Re: [RFC] Re: broken userland ABI in configfs binary attributes

From: Al Viro <viro@zeniv.linux.org.uk>
To: Boaz Harrosh <boaz@plexistor.com>
Cc: "Kai Mäkisara (Kolumbus)" <kai.makisara@kolumbus.fi>,
	"Christoph Hellwig" <hch@lst.de>,
	linux-fsdevel@vger.kernel.org,
	"Octavian Purdila" <octavian.purdila@intel.com>,
	"Pantelis Antoniou" <pantelis.antoniou@konsulko.com>,
	"Linus Torvalds" <torvalds@linux-foundation.org>,
	linux-scsi@vger.kernel.org
Subject: Re: [RFC] Re: broken userland ABI in configfs binary attributes
Date: Tue, 27 Aug 2019 18:27:34 +0100	[thread overview]
Message-ID: <20190827172734.GS1131@ZenIV.linux.org.uk> (raw)
In-Reply-To: <b362af55-4f45-bf29-9bc4-dd64e6b04688@plexistor.com>

On Tue, Aug 27, 2019 at 06:01:27PM +0300, Boaz Harrosh wrote:
> On 26/08/2019 22:32, Al Viro wrote:
> <>
> > D'oh...  OK, that settles it; exclusion with st_write() would've been
> > painful, but playing with the next st_write() on the same struct file
> > rewinding the damn thing to overwrite what st_flush() had spewed is
> > an obvious no-go.
> > 
> 
> So what are the kind of errors current ->release implementation is trying to return?
> Is it actual access the HW errors or its more of a resource allocations errors?
> If the later then maybe the allocations can be done before hand, say at ->flush but
> are not redone on redundant flushes?

Most of them are actually pure bollocks - "it can never happen, but if it does,
let's return -EWHATEVER to feel better".  Some are crap like -EINTR, which is
also bollocks - for one thing, process might've been closing files precisely
because it's been hit by SIGKILL.  For another, it's a destructor.  It won't
be retried by the caller - there's nothing called for that object afterwards.
What you don't do in it won't be done at all.
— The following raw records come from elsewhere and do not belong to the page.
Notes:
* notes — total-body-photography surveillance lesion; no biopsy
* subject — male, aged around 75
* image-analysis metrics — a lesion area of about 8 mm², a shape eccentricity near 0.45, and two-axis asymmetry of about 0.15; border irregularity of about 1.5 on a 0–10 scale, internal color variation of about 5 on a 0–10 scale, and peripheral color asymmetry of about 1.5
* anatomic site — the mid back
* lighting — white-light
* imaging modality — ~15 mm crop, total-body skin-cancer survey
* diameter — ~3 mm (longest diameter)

And some are "commit on final close" kind of thing, both with the hardware
errors and parsing errors.

> If the former then yes looks like troubles. That said I believe the 
> ->last_close_with_error() is a very common needed pattern which few use exactly
> because it does not work. But which I wanted/needed many times before.
> 
> So I would break some eggs which ever is the most elegant way, and perhaps add a
> new parameter to ->flush(bool last) or some other easy API.
> [Which is BTW the worst name ever, while at it lets rename it to ->close() which
>  is what it is. "flush" is used elsewhere to mean sync.
> ]

It *is* flush.  And nothing else, really - it makes sure that dirty data is
pushed to destination, with any errors reported.

> So yes please lets fix VFS API with drivers so to have an easy and safe way
> to execute very last close, all the while still being able to report errors to
> close(2).

What the hell is "very last close()"?  Note, BTW, that you can have one thread
call close() in the middle of write() by another thread.  And that will succeed,
with actual ->release() happening no earlier than write() is done; however,
descriptor will be gone when close(2) is done.

You are assuming the model that doesn't match the basic userland ABI for
descriptors.  And no, close(2) is not going to wait for write(2) to finish.
Neither it is going to interrupt said write(2).

Note, BTW, that an error returned by close(2) does *NOT* leave the descriptor
in place - success or failure, it's gone.

If you want to express something like "data packet formed; now you can commit
it and tell me if there'd been any errors", use something explicit.  close()
simply isn't suitable for that.  writev() for datagram-like semantics might
be; fsync() or fdatasync() could serve for "commit now".